Creating a new repository on your computer#
We can also create a new repository from scratch on our computer. Since there isn’t any existing remote repository to clone from, we use a different command:
git init path/to/new/repo
For example, running git init foobar
will create a folder foobar
in
our current working directory, which contains the new Git repository.
Using git init
creates a repository that is contained on the host computer
only. This can be used if you just want to keep track of your work, with no
interest in sharing it with others or syncing it with a remote version. Other
than that, git init
can also be used for manually setting up a repository
that serves as a remote repository. This might be done on a
departmental server so that the remote repository is contained on the server, for example.

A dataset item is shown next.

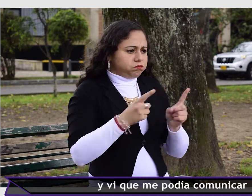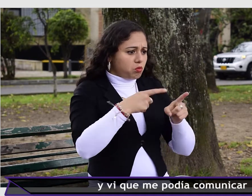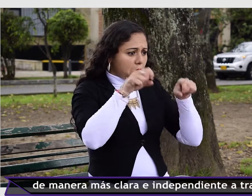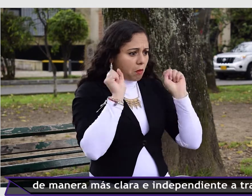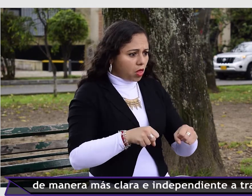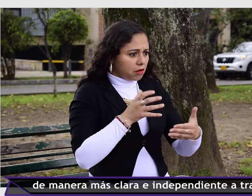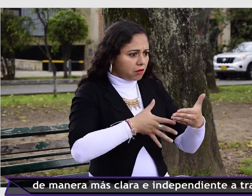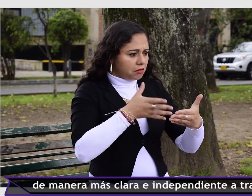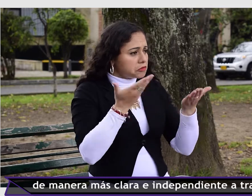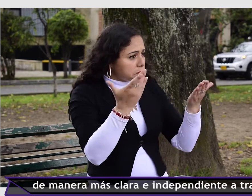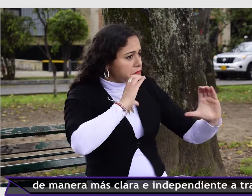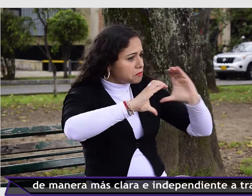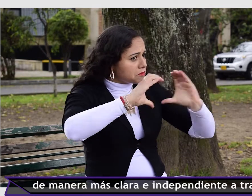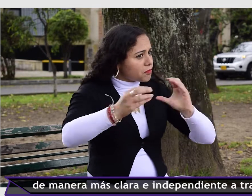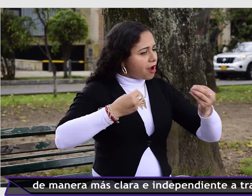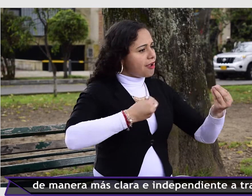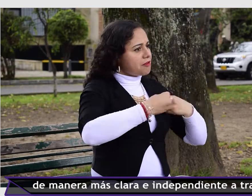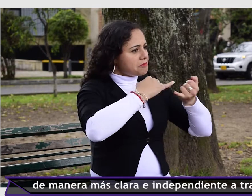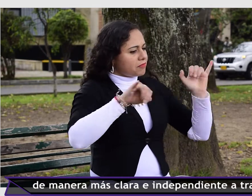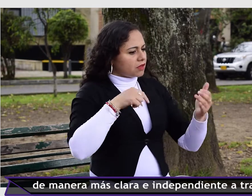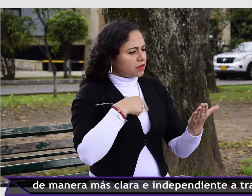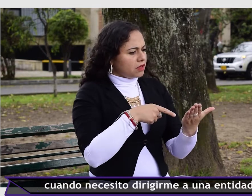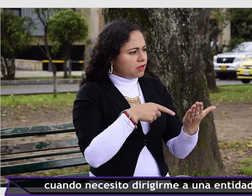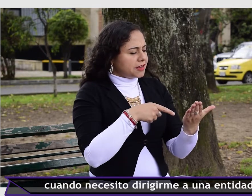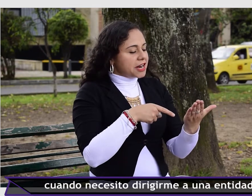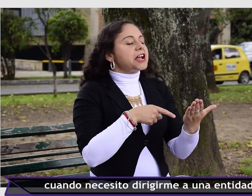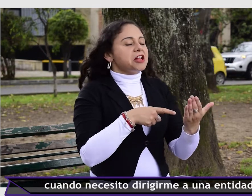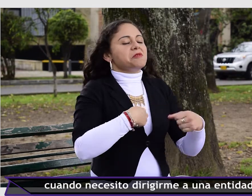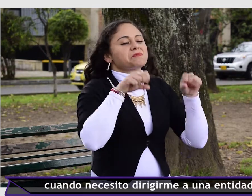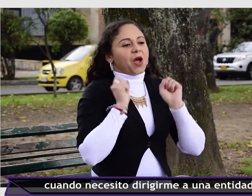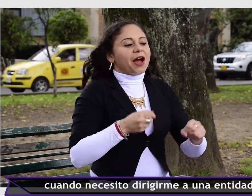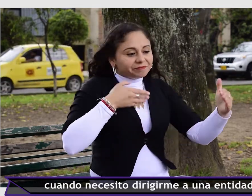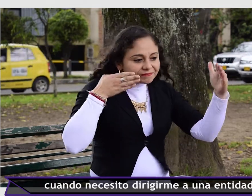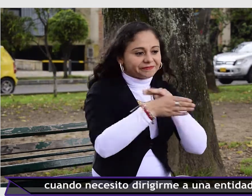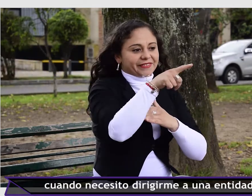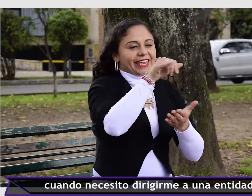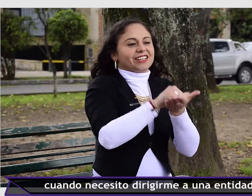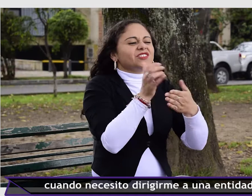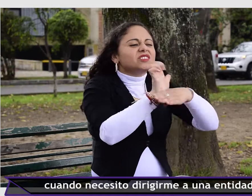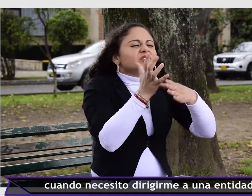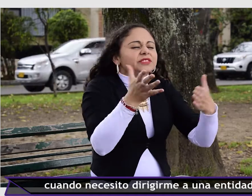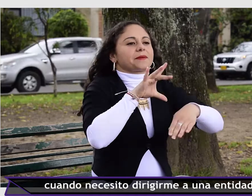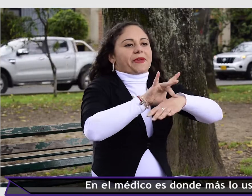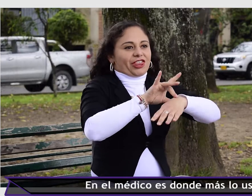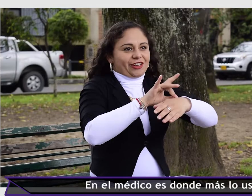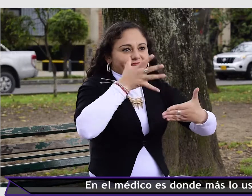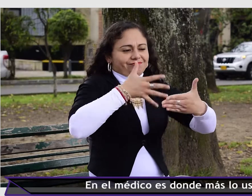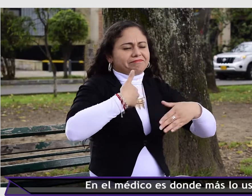manera más clara e independiente a través del Ciel cuando necesito dirigirme a una entidad de salud. En el médico es

We won’t say more on how to do this in this course, but if you are interested
then see the section on ‘bare’ repositories on
Atlassian’s tutorial page for git init
.
Renaming the default branch#
In the previous episode, we discussed changing the name of the default branch from master
to something else, e.g. main
. For Git versions 2.28 and later, the configuration can be set so that new repositories have this new name by default, see the Setting up Git and GitHub episode. If the version of Git you are using is earlier than 2.28, then this needs to be done for each repository individually. After creating the repository with git init
, run the following command:
$ git checkout -b main
What does a local repository look like?#
We’ll conclude this episode with taking a peek into an example repository that has been
created locally, whether this be via cloning or using git init
.
Let’s consider an example, looking at the more organised folder of work introduced in the episode Git vs GitHub. Below is a screenshot of the repository on a Windows machine; note that we’ve enabled the display of ‘hidden’ files and folders, i.e. those whose names begin with a period.
And here is the same repository displayed on a Linux operating system, using the
command line; note we are displaying hidden files using the -a
option
in the ls
command:
$ ls -a awesome-research-done-right/
. .. .git data plot_results.py process_geo_data.py run-everything.py simulate.py simulation-engine
It is common for people to refer to the top level folder of the repository as the
root folder; in the above example,
awesome-research-done-right
is the root folder. (Note: this is distinct from the
‘root’ folder /
on Unix systems that you might have heard of.) By
default, Git will keep track of the version history of all files located within the
root folder or subfolders thereof. Where exactly does Git keep all the
versioning information? Answer: it’s kept in the .git
folder, which you may
have spotted in the example outputs above. This is a folder that Git creates
automatically when the repository is created.
Warning!#
As a general rule, don’t go modifying the files in the .git
folder within a repository. Accidentally modifying a file / subfolder will likely mess up the version history of the repository. There are files in the .git
folder that are suitable for direct modification, allowing users to customise their interaction with Git, but this comes under more advanced use that is beyond the scope of this course.
Our advice: don’t poke around the .git
folder, unless you are a confident Git user and need to customise Git (even then, follow a reputable tutorial or guide the first time).